Output Knowledge Created

Message [msg 3212] itself produces limited output — it confirms that the drafter config is structurally compatible with SGLang's EAGLE-3 implementation. The architecture name LlamaForCausalLMEagle3 matches SGLang's expected model class. The hidden size of 7168 and head dimension of 128 are consistent with the target model. The EAGLE-3 configuration specifies three auxiliary hidden state layers (2, 30, 58), which is a valid configuration.

But the true knowledge created by this message is what it enables: the launch and benchmarking of the custom drafter, which ultimately reveals that EAGLE-3 speculative decoding provides no benefit on this hardware configuration. This negative result is valuable — it saves future effort that might have been spent on further EAGLE-3 tuning, and it redirects focus to other optimization strategies (in this case, tuning SGLang's NCCL communication settings to match vLLM's single-stream performance).

The Thinking Process

The assistant's thinking in this message is visible in the brief but deliberate reasoning: "Let me check our trained drafter's config to make sure it's compatible, then launch with it." This reveals a two-step decision process. First, verify structural compatibility — if the config doesn't match SGLang's expectations, the server will crash after a 10-minute load time. Second, launch and test — the real validation can only happen through benchmarking.
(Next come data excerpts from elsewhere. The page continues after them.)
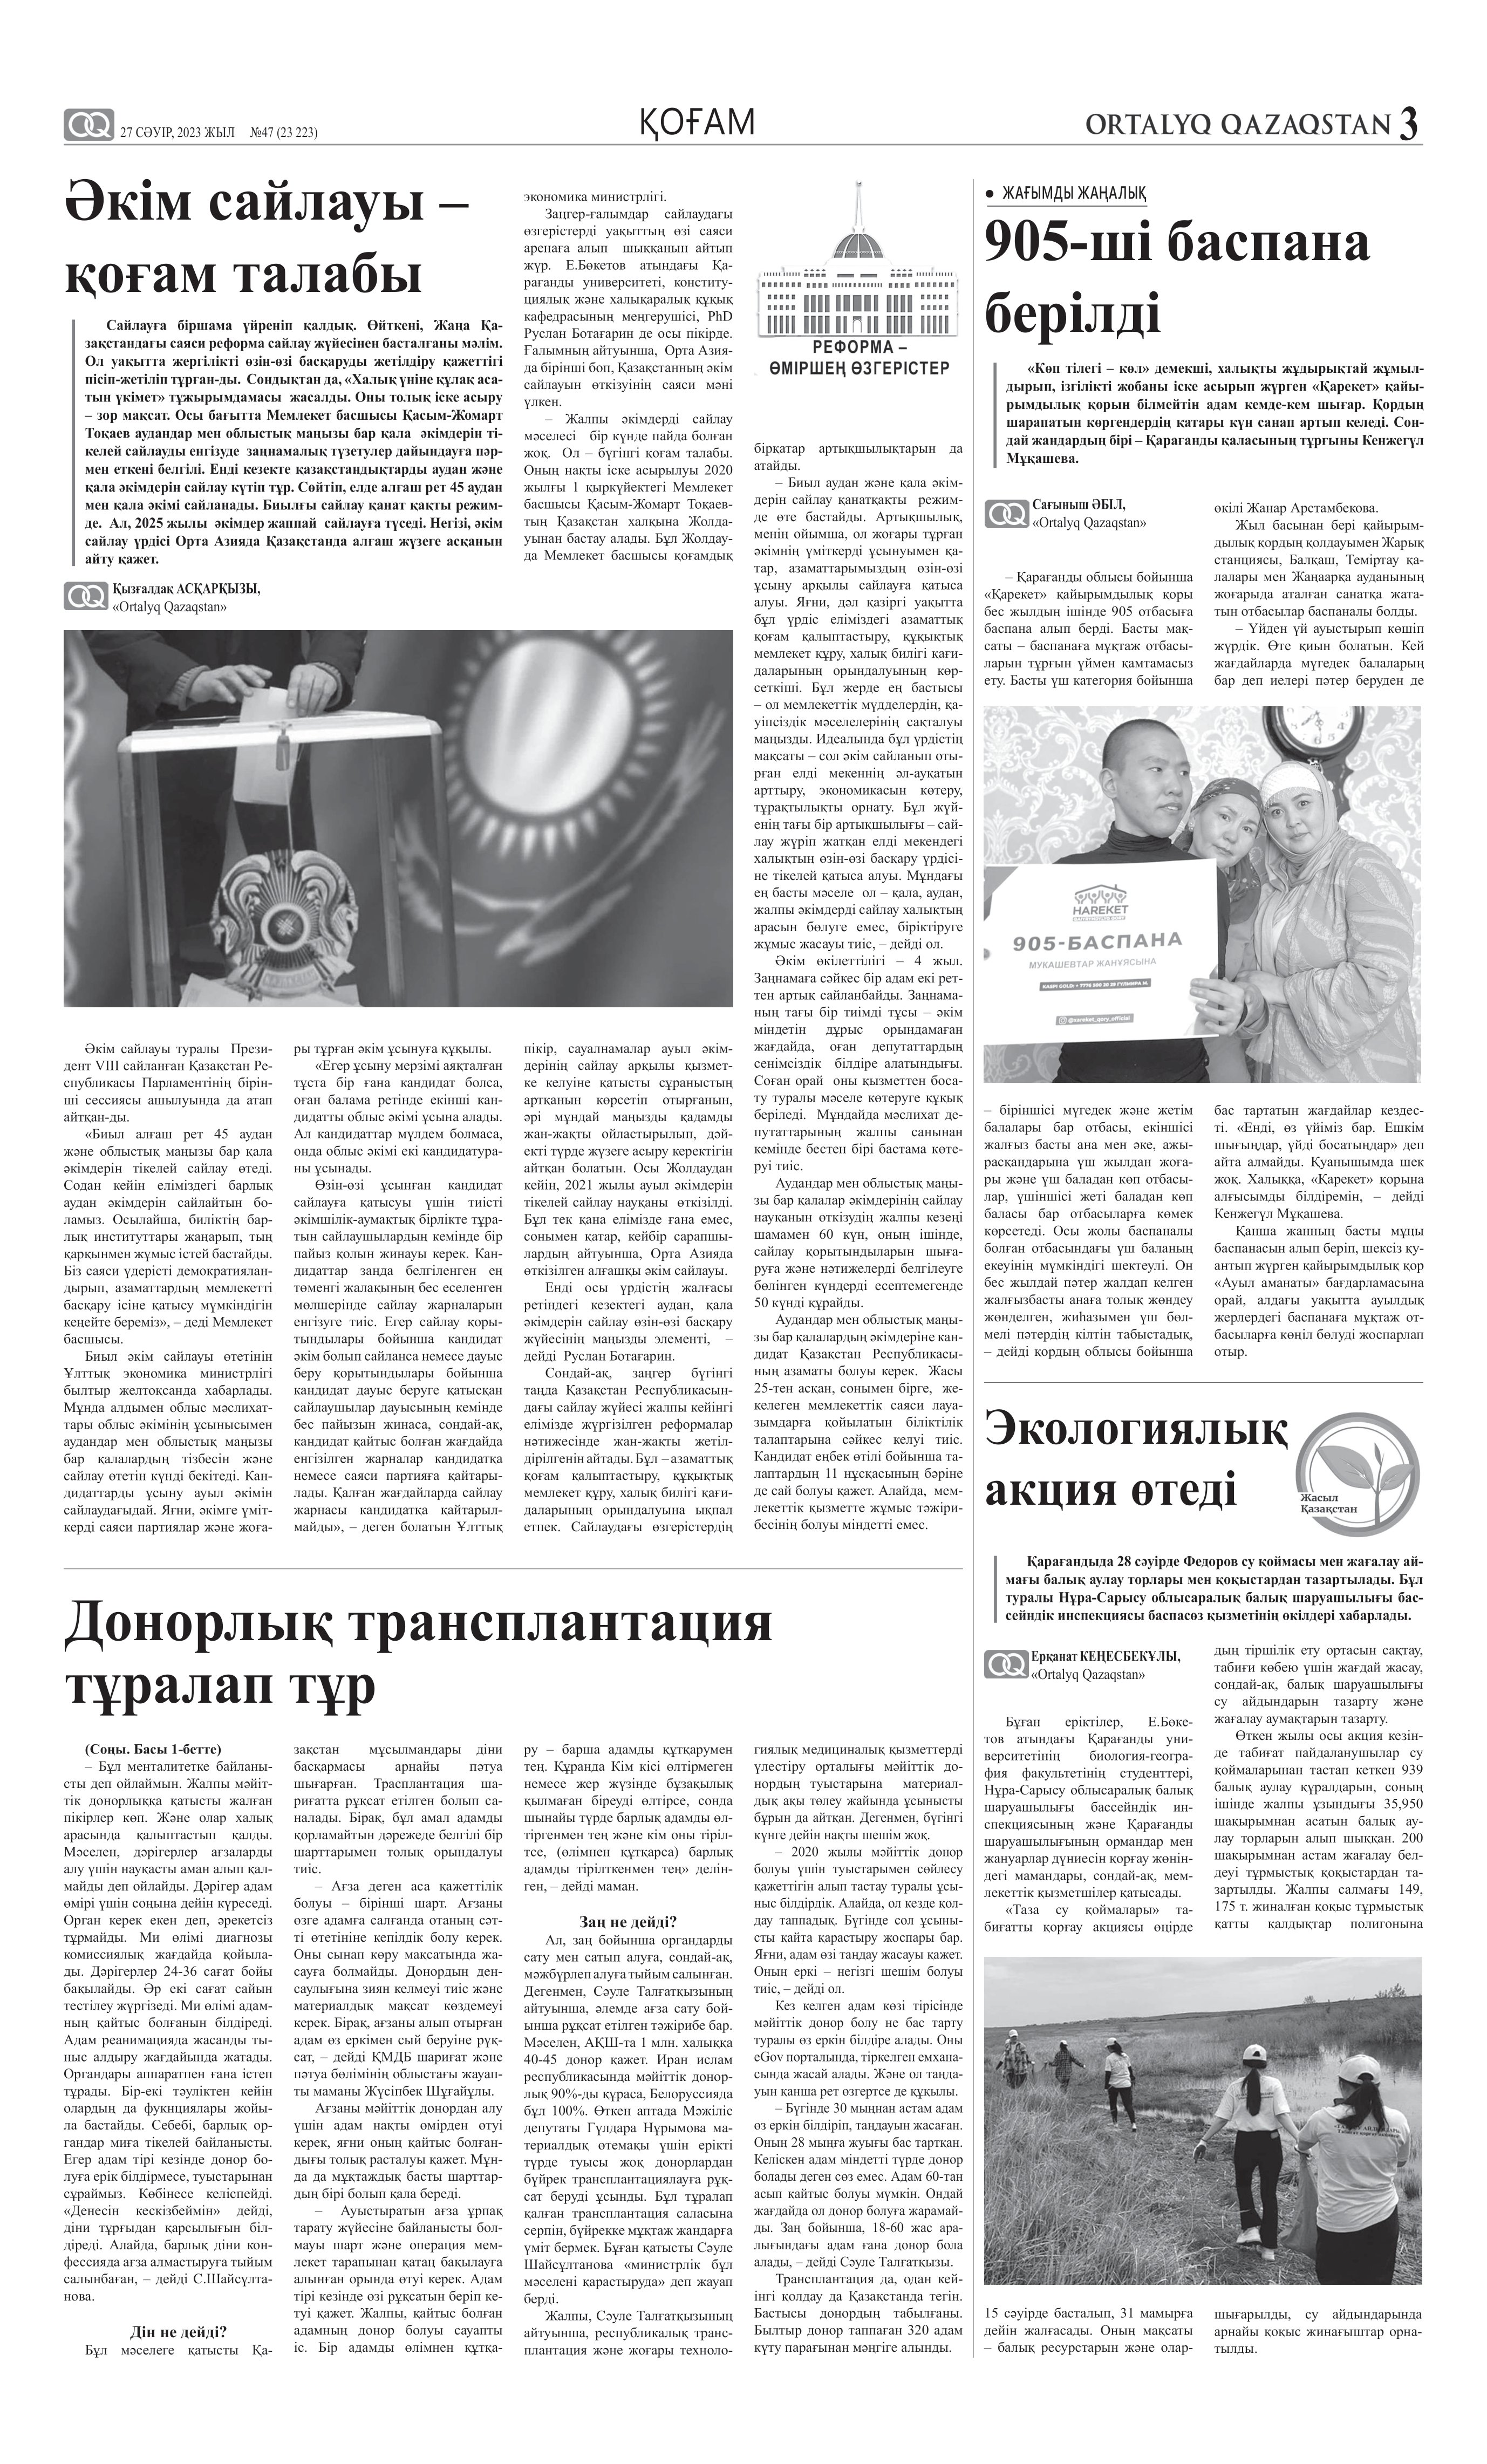
Language: kk
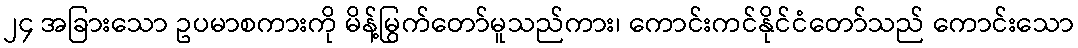
၂၄ အခြားသော ဥပမာစကားကို မိန့်မြွက်တော်မူသည်ကား၊ ကောင်းကင်နိုင်ငံတော်သည် ကောင်းသော
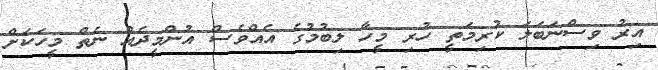
އިރު ވިސްނަބަލަ ކުރިމަތީ ހުރި މީހާ ލިބުމުގެ އެއްވެސް އުންމީދެއް ނެތް މީހަކަށް
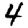
Digit: 4

The choice of head -30 is also telling. The assistant doesn't need to see the entire config — the first 30 lines contain the critical fields: architecture, hidden size, head dimension, EAGLE-3 configuration, and vocabulary parameters. The remaining lines (attention heads, layer counts, normalization parameters) are either standard values or can be inferred. This is efficient information foraging — get just enough data to make the go/no-go decision.

Conclusion

Message [msg 3212] is a small but pivotal moment in a larger narrative of ML engineering. It represents the bridge between building a speculative decoding pipeline and validating its real-world performance. The config check itself is routine — a simple file read and pretty-print — but it carries the weight of an entire session's work. The custom EAGLE-3 drafter, trained over hours of computation, is about to face its moment of truth. And as the subsequent messages reveal, that truth is disappointing: the drafter is broken, and EAGLE-3 speculative decoding offers no benefit on this model and hardware.

The lesson is a familiar one in ML engineering: the gap between training and inference is full of hidden pitfalls. Hidden state distributions shift under quantization. Training data quality matters more than quantity. And sometimes, the best optimization is not the most sophisticated one — in this case, the assistant would pivot back to tuning SGLang's base performance with NCCL environment variables, achieving better results without the complexity of speculative decoding.